RE: [PATCH] PCI: layerscape: Change back to the default error response behavior

From: Z.q. Hou
Date: Mon Oct 12 2020 - 00:33:40 EST


Hi Rob and Kishon,

> -----Original Message-----
> From: Rob Herring <robh@xxxxxxxxxx>
> Sent: 2020年9月30日 23:08
> To: Kishon Vijay Abraham I <kishon@xxxxxx>
> Cc: Z.q. Hou <zhiqiang.hou@xxxxxxx>; PCI <linux-pci@xxxxxxxxxxxxxxx>;
> linux-kernel@xxxxxxxxxxxxxxx; linux-arm-kernel
> <linux-arm-kernel@xxxxxxxxxxxxxxxxxxx>; Lorenzo Pieralisi
> <lorenzo.pieralisi@xxxxxxx>; Bjorn Helgaas <bhelgaas@xxxxxxxxxx>; M.h.
> Lian <minghuan.lian@xxxxxxx>; Roy Zang <roy.zang@xxxxxxx>; Mingkai
> Hu <mingkai.hu@xxxxxxx>; Leo Li <leoyang.li@xxxxxxx>
> Subject: Re: [PATCH] PCI: layerscape: Change back to the default error
> response behavior
>
> On Wed, Sep 30, 2020 at 8:29 AM Kishon Vijay Abraham I <kishon@xxxxxx>
> wrote:
> >
> > Hi Hou,
> >
> > On 29/09/20 6:43 pm, Zhiqiang Hou wrote:
> > > From: Hou Zhiqiang <Zhiqiang.Hou@xxxxxxx>
> > >
> > > In the current error response behavior, it will send a SLVERR
> > > response to device's internal AXI slave system interface when the
> > > PCIe controller experiences an erroneous completion (UR, CA and CT)
> > > from an external completer for its outbound non-posted request,
> > > which will result in SError and crash the kernel directly.
> > > This patch change back it to the default behavior to increase the
> > > robustness of the kernel.
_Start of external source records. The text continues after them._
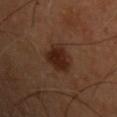<tbp_lesion>
<lesion_size>
  <long_diameter_mm_approx>3.5</long_diameter_mm_approx>
</lesion_size>
<automated_metrics>
  <area_mm2_approx>9.5</area_mm2_approx>
  <eccentricity>0.45</eccentricity>
  <shape_asymmetry>0.25</shape_asymmetry>
  <cielab_L>23</cielab_L>
  <cielab_a>19</cielab_a>
  <cielab_b>24</cielab_b>
  <vs_skin_darker_L>9.0</vs_skin_darker_L>
  <border_irregularity_0_10>2.5</border_irregularity_0_10>
  <peripheral_color_asymmetry>1.0</peripheral_color_asymmetry>
</automated_metrics>
<site>chest</site>
<patient>
  <sex>male</sex>
  <age_approx>55</age_approx>
</patient>
<image>
  <source>total-body photography crop</source>
  <field_of_view_mm>15</field_of_view_mm>
</image>
<lighting>cross-polarized</lighting>
</tbp_lesion>

In the default behavior, it always sends
> > > an OKAY response to the internal AXI slave interface when the
> > > controller gets these erroneous completions. And the AER driver will
> > > report and try to recover these errors.
> >
> > I don't think not forwarding any error interrupts is a good idea.
>
> Interrupts would be fine. Abort/SError is not. I think it is pretty clear what the
> correct behavior is for config accesses.

I agree with Rob.

>
> > Maybe
> > you could disable it while reading configuration space registers
> > (vendorID and deviceID) and then enable error forwarding back?
>
> To add to the locking (or lack of) problems in config accesses?

If take this approach, during the hole of CFG access, the error of MEM_rd will also not be forwarded, so it's not a reliable mechanism for user.

Thanks,
Zhiqiang

>
> Rob